* _To do_:
When you reach the line that contains "The image shows", begin copying exactly and continue through the last line below. Do not copy pictures.

══ Records shown

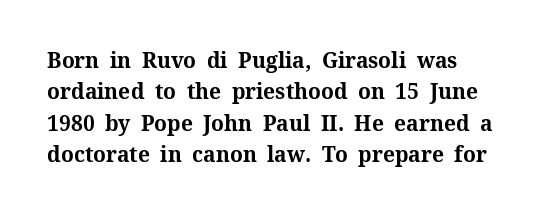
These lines keep a tight, regular rhythm from letter to letter. The type sits square on the baseline with zero lean. The string is rendered with underlining switched off. Every letter is thick-stroked: bold, no question.
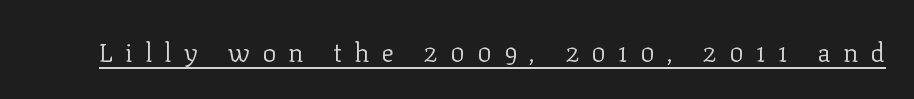
Q: Is the text bold? A: No.
Q: Is the text italic (slanted)? A: No, it is upright.
Q: Is the text underlined? A: Yes.
Q: Is the spacing between letters normal or unusually wide? A: Unusually wide.
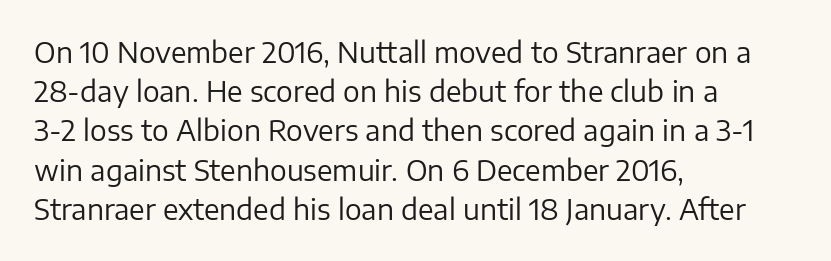
The image shows 28 px regular-weight sans-serif type, upright; set left-aligned, normal line spacing (1.4x), normal letter spacing, not underlined; low stroke contrast and a medium x-height.
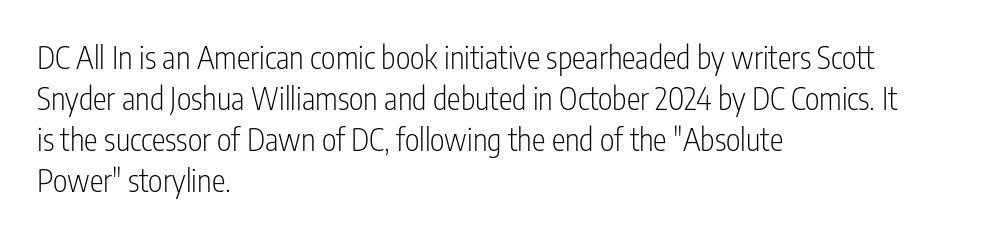
This is sans-serif lettering, the kind often seen on screens and signage. Each line starts at the same left margin while the right side varies. The string is rendered with underlining switched off. The strokes carry an ordinary text weight at most.

════

* _Exercise result_:
The image shows 28 px regular-weight sans-serif type, upright; set left-aligned, normal line spacing (1.4x), normal letter spacing, not underlined; low stroke contrast and a medium x-height.
This is sans-serif lettering, the kind often seen on screens and signage. Each line starts at the same left margin while the right side varies. The string is rendered with underlining switched off. The strokes carry an ordinary text weight at most.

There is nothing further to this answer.